2 million, random 20 character strings:
# such as these
$ cat /dev/urandom | tr -dc '[[:print:]]' | head -c $((20 * 2000000)) | sed -E 's/.{20}/&\n/g' | head -n5
|x=>gF~LJu}0zw;X3~_-
BpBj.+VwsF}\%*#K!q#:
<h{ArG"P_cF*,|.`4Bcc
+/XE>ytPbm"J}%6. *+9
pgt=3NRPCQ8abyxGnO7:
$ cat /dev/urandom | tr -dc '[[:print:]]' | head -c $((20 * 2000000)) | sed -E 's/.{20}/&\n/g' | ./hashes.no-opt.bin | column -s';' -t
Things Rep Type Insert Lookup Remove LFind LNotFind LAll Iter
2000000 1 oa_hash 0.935s 0.400s 0.238s 0.128s 0.228s 0.349s 0.077s
2000000 1 ch_hash 0.926s 0.469s 0.291s 0.145s 0.223s 0.369s 0.115s
2000000 1 ptr_hash 0.782s 0.446s 0.272s 0.139s 0.211s 0.349s 0.069s
2000000 1 std::unord_map 1.070s 0.628s 0.494s 0.232s 0.233s 0.457s 0.143s
$ cat /dev/urandom | tr -dc '[[:print:]]' | head -c $((20 * 2000000)) | sed -E 's/.{20}/&\n/g' | ./hashes.opt.bin | column -s';' -t
Things Rep Type Insert Lookup Remove LFind LNotFind LAll Iter
2000000 1 oa_hash 0.672s 0.321s 0.194s 0.101s 0.159s 0.257s 0.028s
2000000 1 ch_hash 0.632s 0.364s 0.180s 0.104s 0.121s 0.198s 0.029s
2000000 1 ptr_hash 0.559s 0.297s 0.157s 0.079s 0.121s 0.196s 0.025s
2000000 1 std::unord_map 0.706s 0.439s 0.327s 0.160s 0.123s 0.233s 0.063s
It fares pretty well against the std::unordered_map. This is not an attack on STL. Gtsc's hash tables are not subject to a standardized library, so they take a few liberties here and there. Like using pools to avoid malloc() and free().
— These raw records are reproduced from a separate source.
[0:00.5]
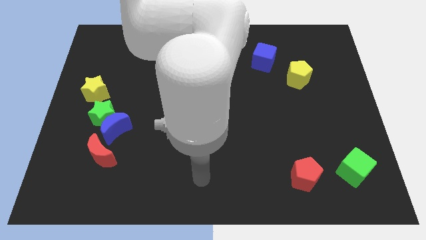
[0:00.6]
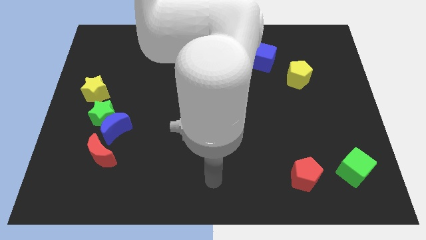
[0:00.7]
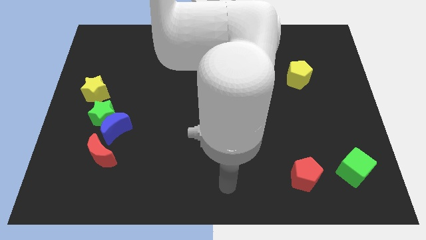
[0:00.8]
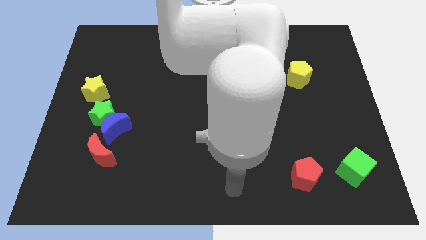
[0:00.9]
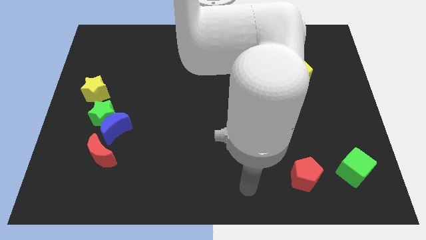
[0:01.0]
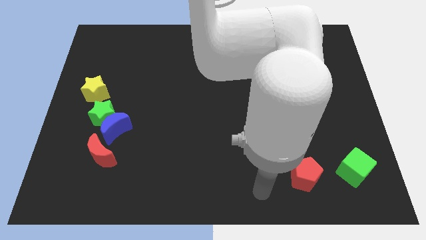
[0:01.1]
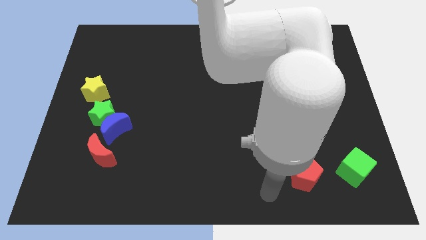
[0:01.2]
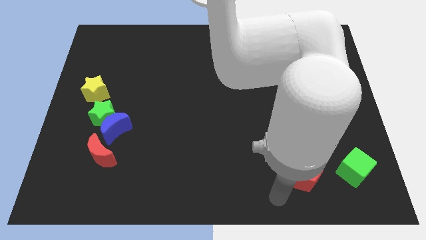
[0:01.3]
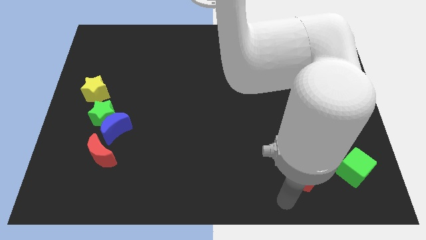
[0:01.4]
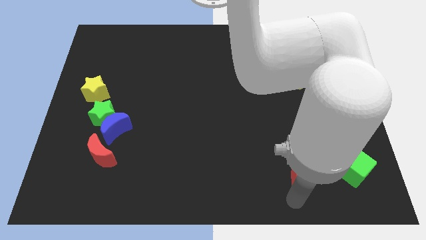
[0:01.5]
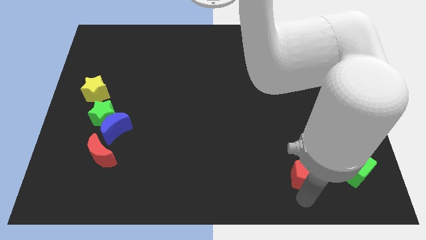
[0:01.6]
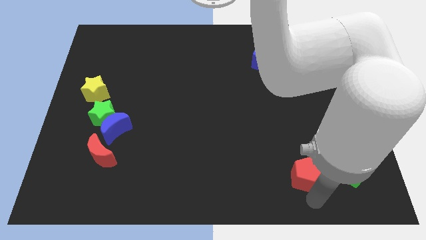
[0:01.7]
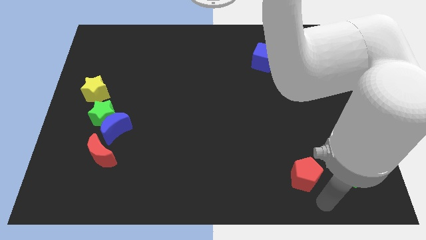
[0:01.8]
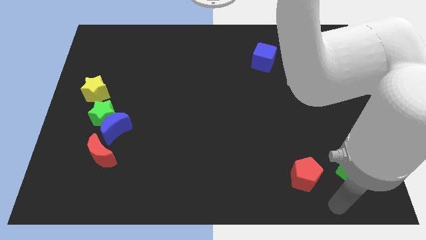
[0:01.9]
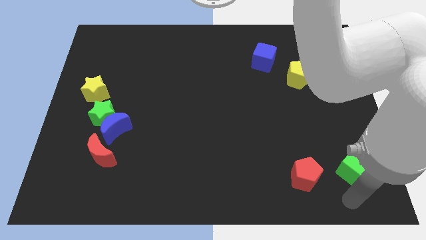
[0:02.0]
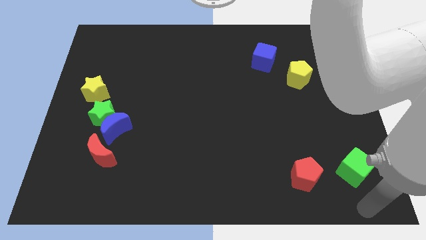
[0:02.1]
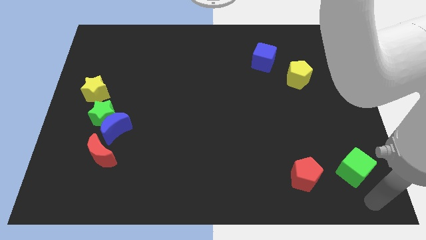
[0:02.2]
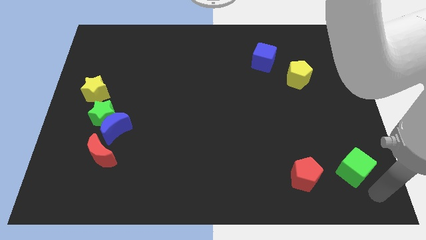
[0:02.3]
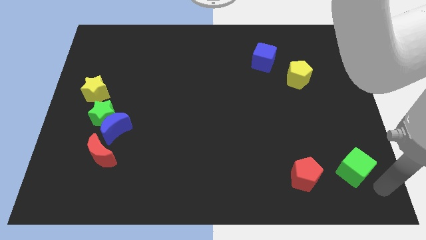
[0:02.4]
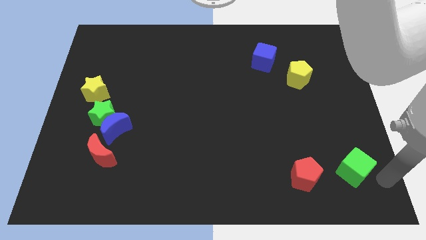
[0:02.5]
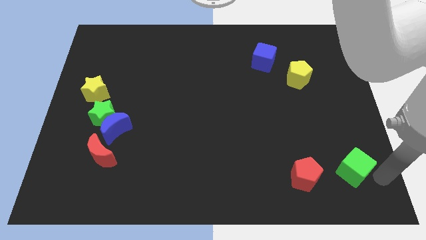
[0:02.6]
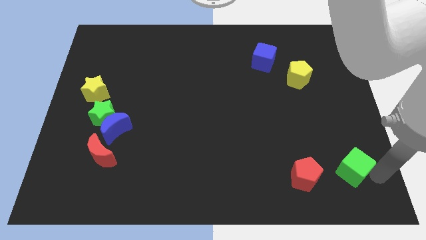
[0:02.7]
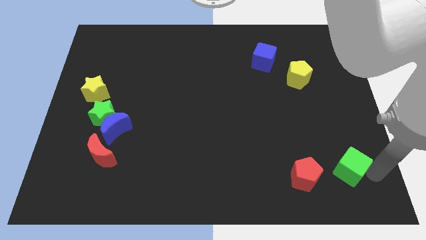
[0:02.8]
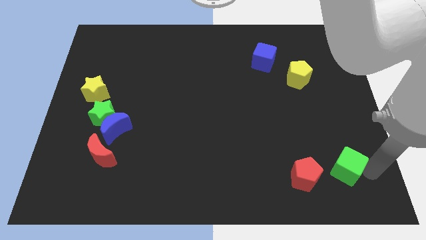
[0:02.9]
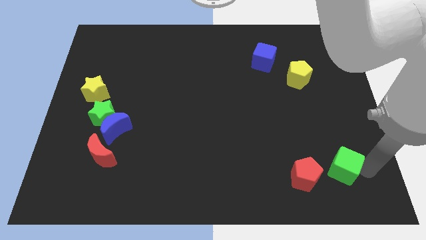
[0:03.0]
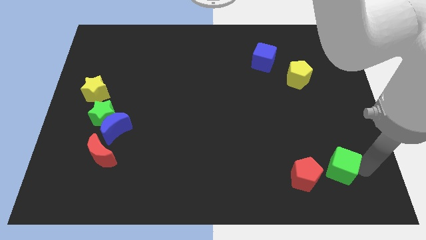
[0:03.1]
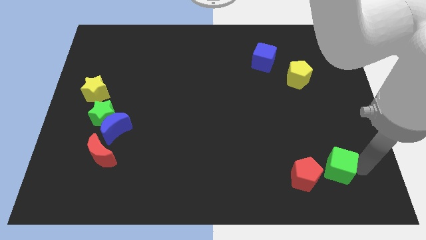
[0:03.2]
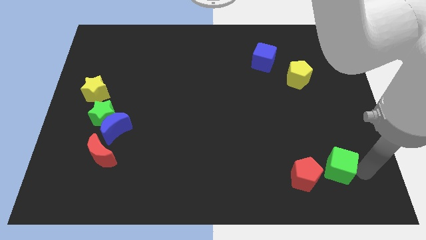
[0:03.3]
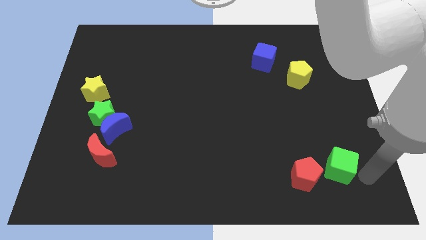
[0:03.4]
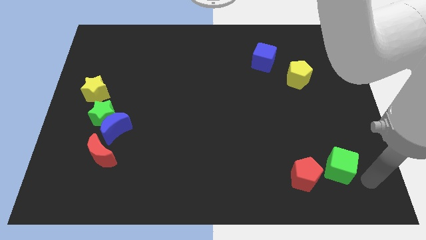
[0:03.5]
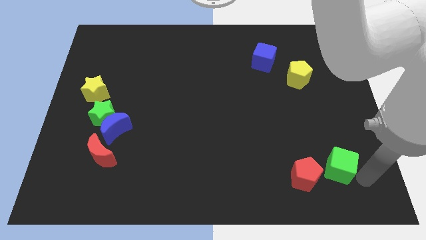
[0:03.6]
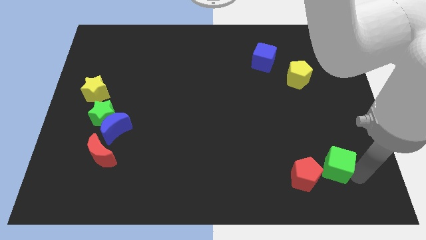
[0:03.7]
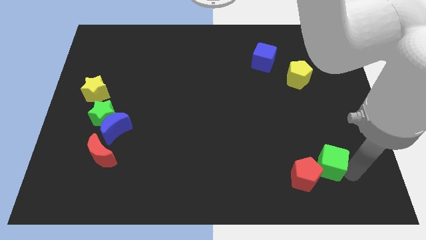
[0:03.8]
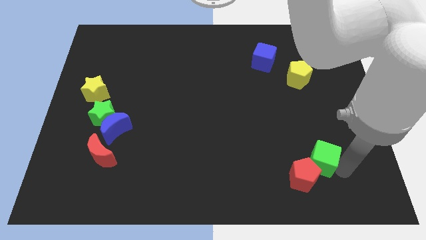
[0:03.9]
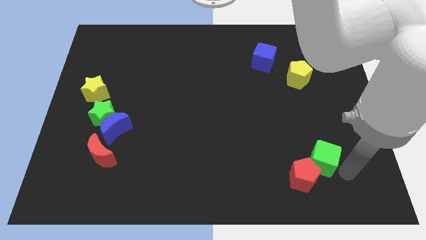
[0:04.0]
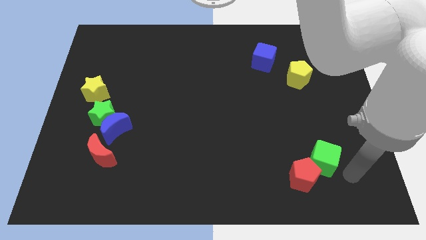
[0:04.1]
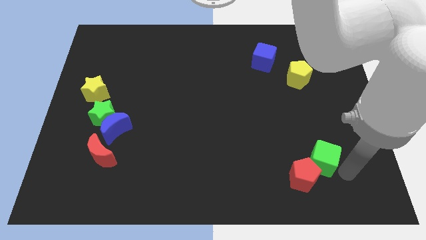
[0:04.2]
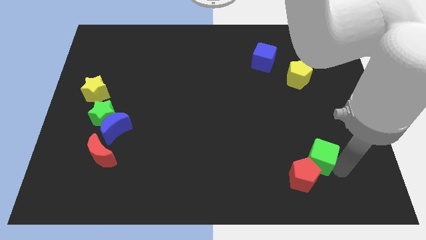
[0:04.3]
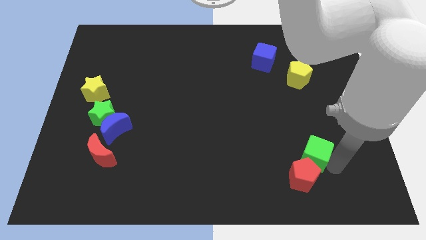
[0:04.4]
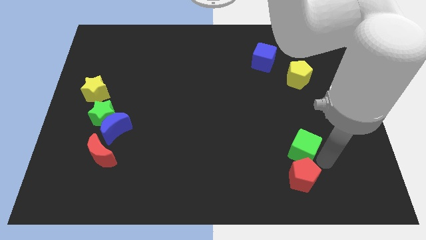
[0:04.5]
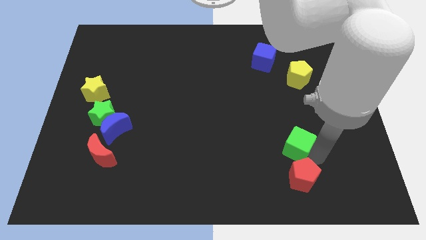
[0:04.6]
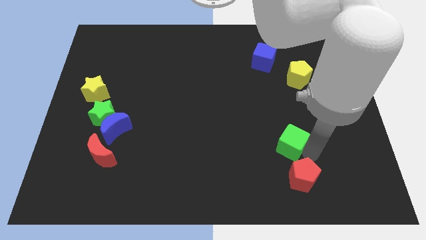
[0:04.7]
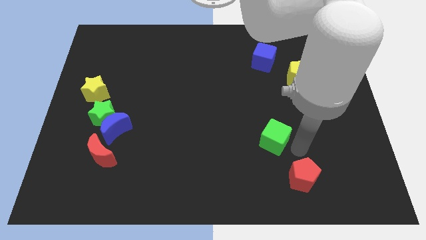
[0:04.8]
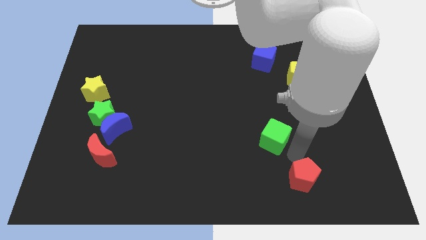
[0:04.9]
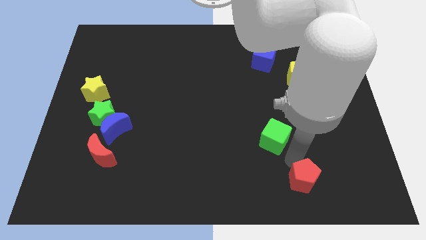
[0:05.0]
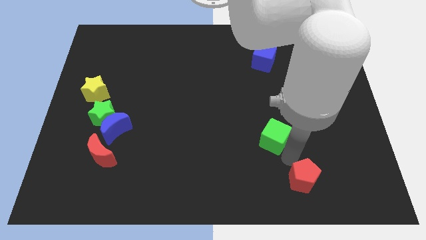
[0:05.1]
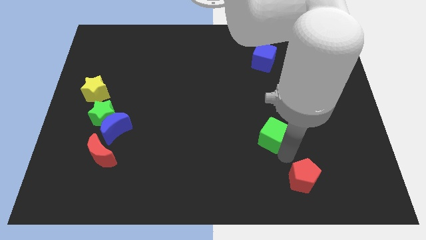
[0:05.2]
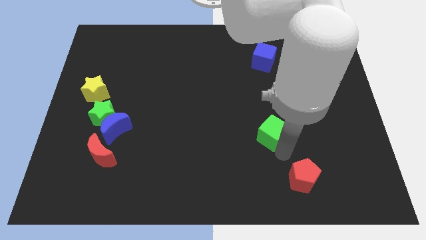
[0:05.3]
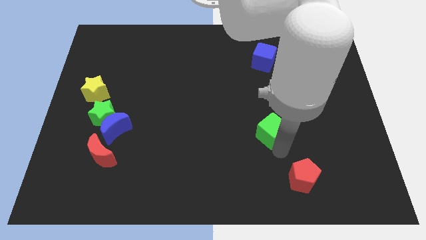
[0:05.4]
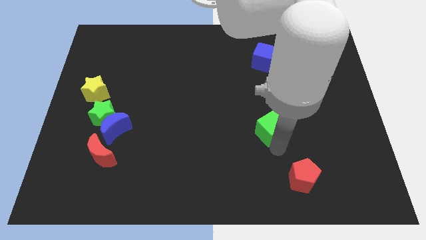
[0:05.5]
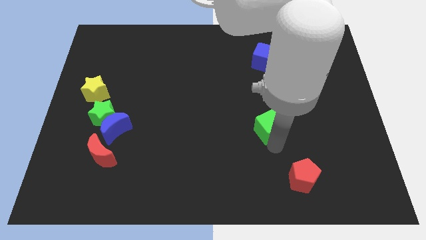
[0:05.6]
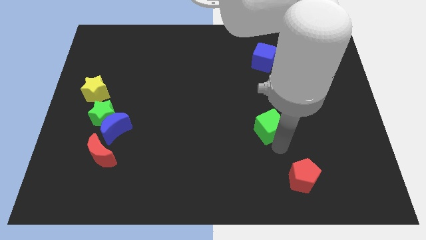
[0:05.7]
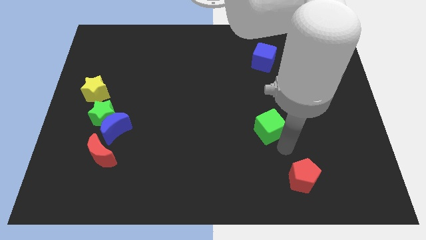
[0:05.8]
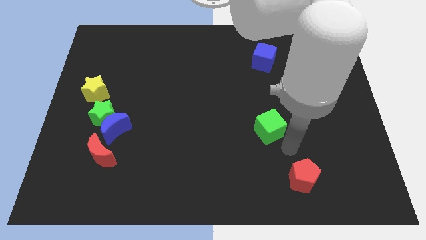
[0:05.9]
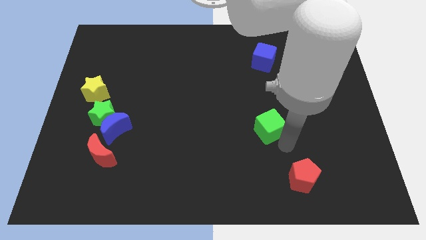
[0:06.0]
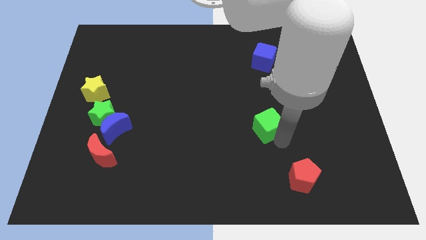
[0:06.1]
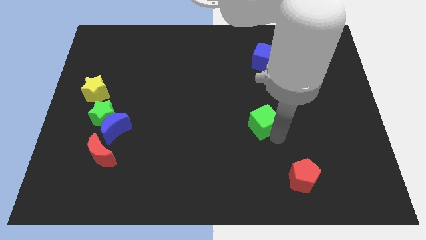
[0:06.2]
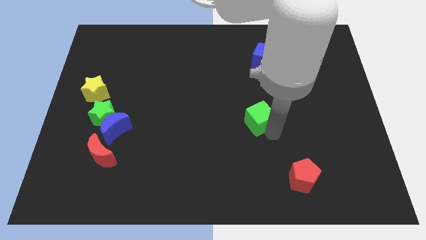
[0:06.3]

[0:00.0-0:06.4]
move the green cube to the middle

Also, templates make possible certain inlinings which you simply cannot easily or reliably approach in C. Like inlining comparison and hash functions. This is factored out in the tests. If it's allowed, then it's really difficult to beat std::unordered_map's lookup speed.